• TASK DESCRIPTION
Reproduce, without alteration, every line of the data; exclude the images.

• SOURCE INFORMATION
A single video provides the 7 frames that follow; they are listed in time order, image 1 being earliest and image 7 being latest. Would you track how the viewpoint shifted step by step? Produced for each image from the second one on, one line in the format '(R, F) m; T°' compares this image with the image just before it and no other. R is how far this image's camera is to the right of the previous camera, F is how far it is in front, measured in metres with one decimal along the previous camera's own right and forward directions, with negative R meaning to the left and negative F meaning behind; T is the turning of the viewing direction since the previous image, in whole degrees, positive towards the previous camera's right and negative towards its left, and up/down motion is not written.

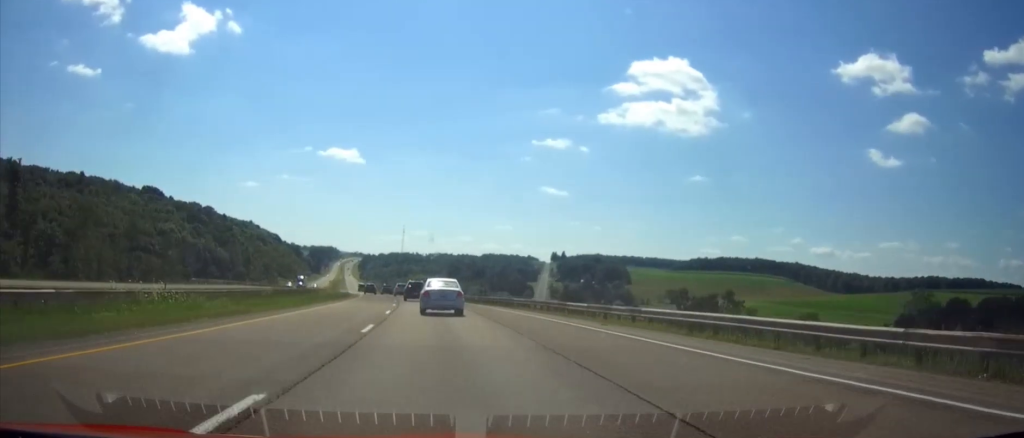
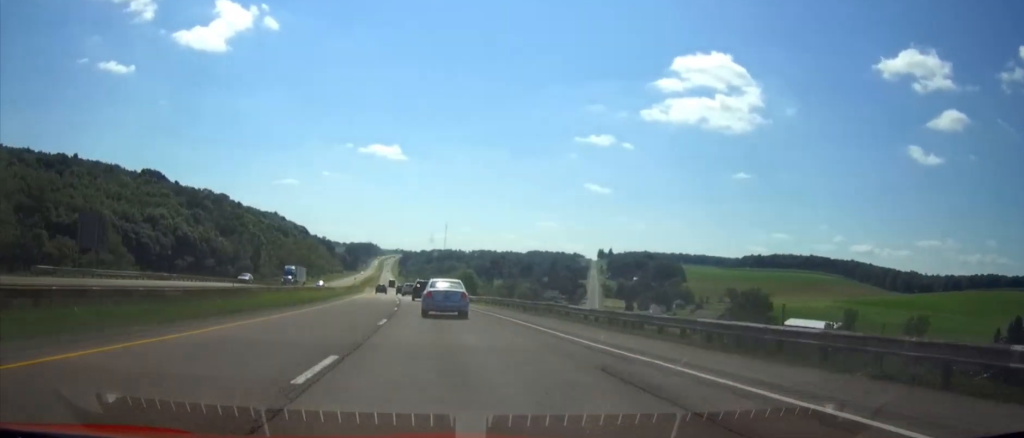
(-1.2, +45.0) m; -3°
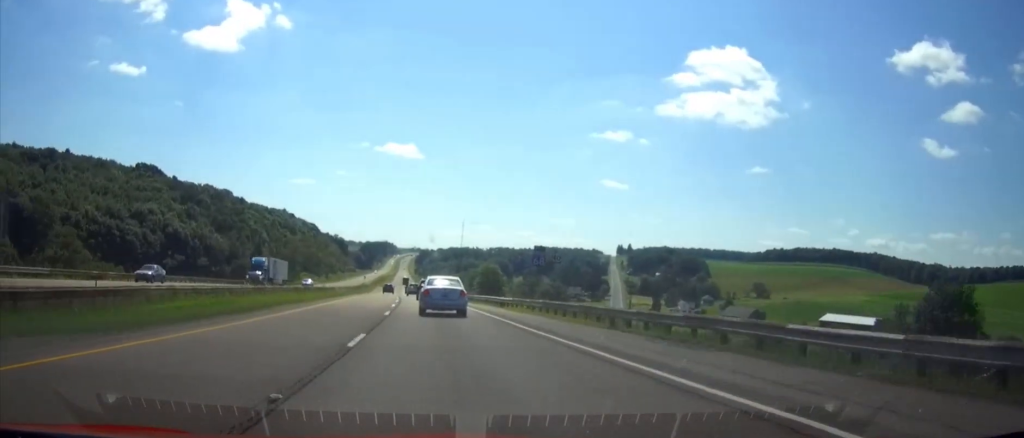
(-0.4, +20.6) m; -2°
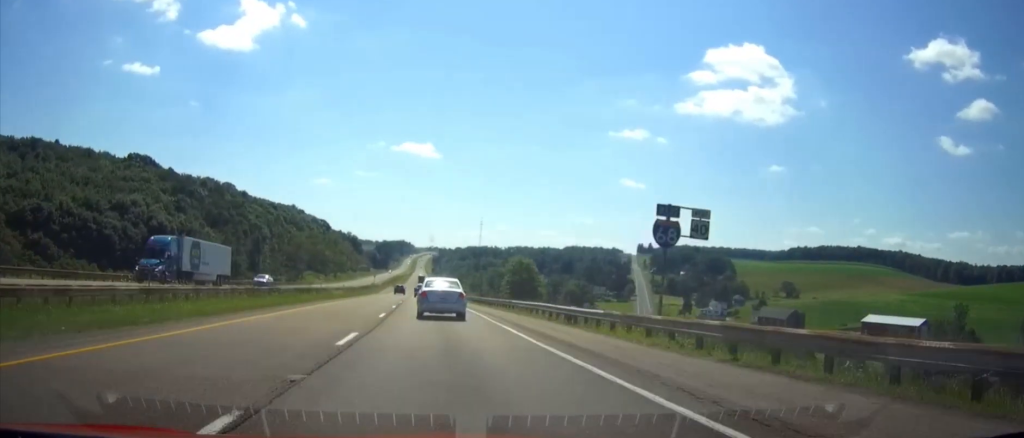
(-0.4, +22.6) m; -1°
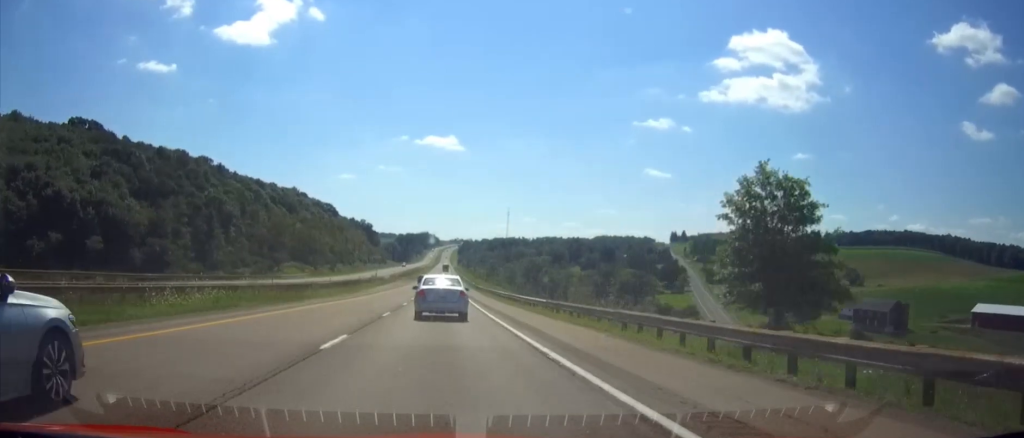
(-1.8, +62.6) m; -2°
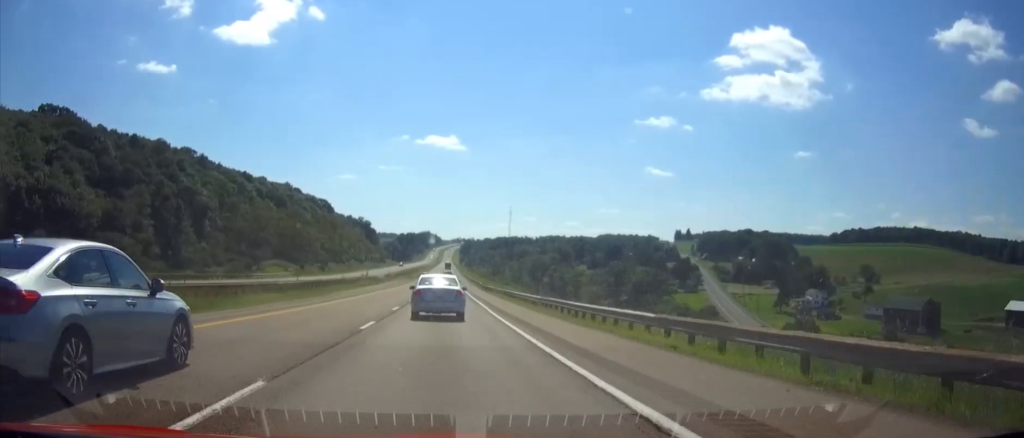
(-0.1, +19.5) m; 0°
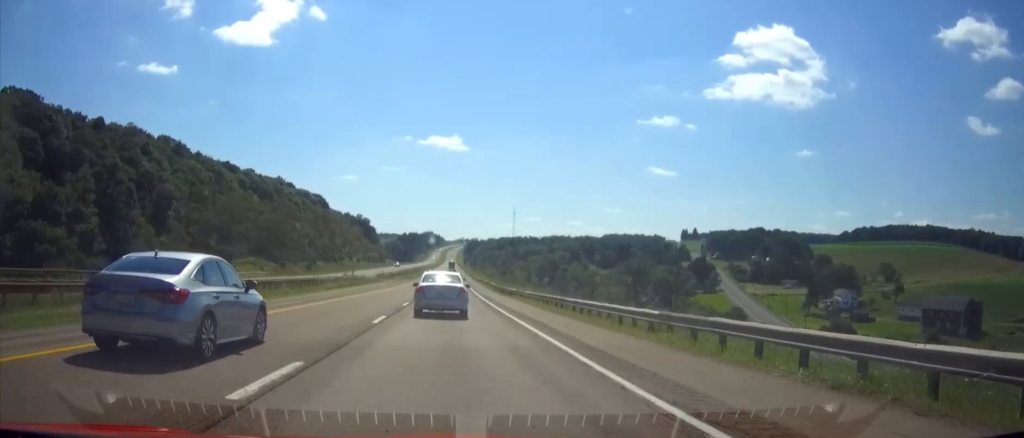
(+0.1, +22.5) m; 0°

• RESPONSE TO THIS TASK
A single video provides the 7 frames that follow; they are listed in time order, image 1 being earliest and image 7 being latest. Would you track how the viewpoint shifted step by step? Produced for each image from the second one on, one line in the format '(R, F) m; T°' compares this image with the image just before it and no other. R is how far this image's camera is to the right of the previous camera, F is how far it is in front, measured in metres with one decimal along the previous camera's own right and forward directions, with negative R meaning to the left and negative F meaning behind; T is the turning of the viewing direction since the previous image, in whole degrees, positive towards the previous camera's right and negative towards its left, and up/down motion is not written.

(-1.2, +45.0) m; -3°
(-0.4, +20.6) m; -2°
(-0.4, +22.6) m; -1°
(-1.8, +62.6) m; -2°
(-0.1, +19.5) m; 0°
(+0.1, +22.5) m; 0°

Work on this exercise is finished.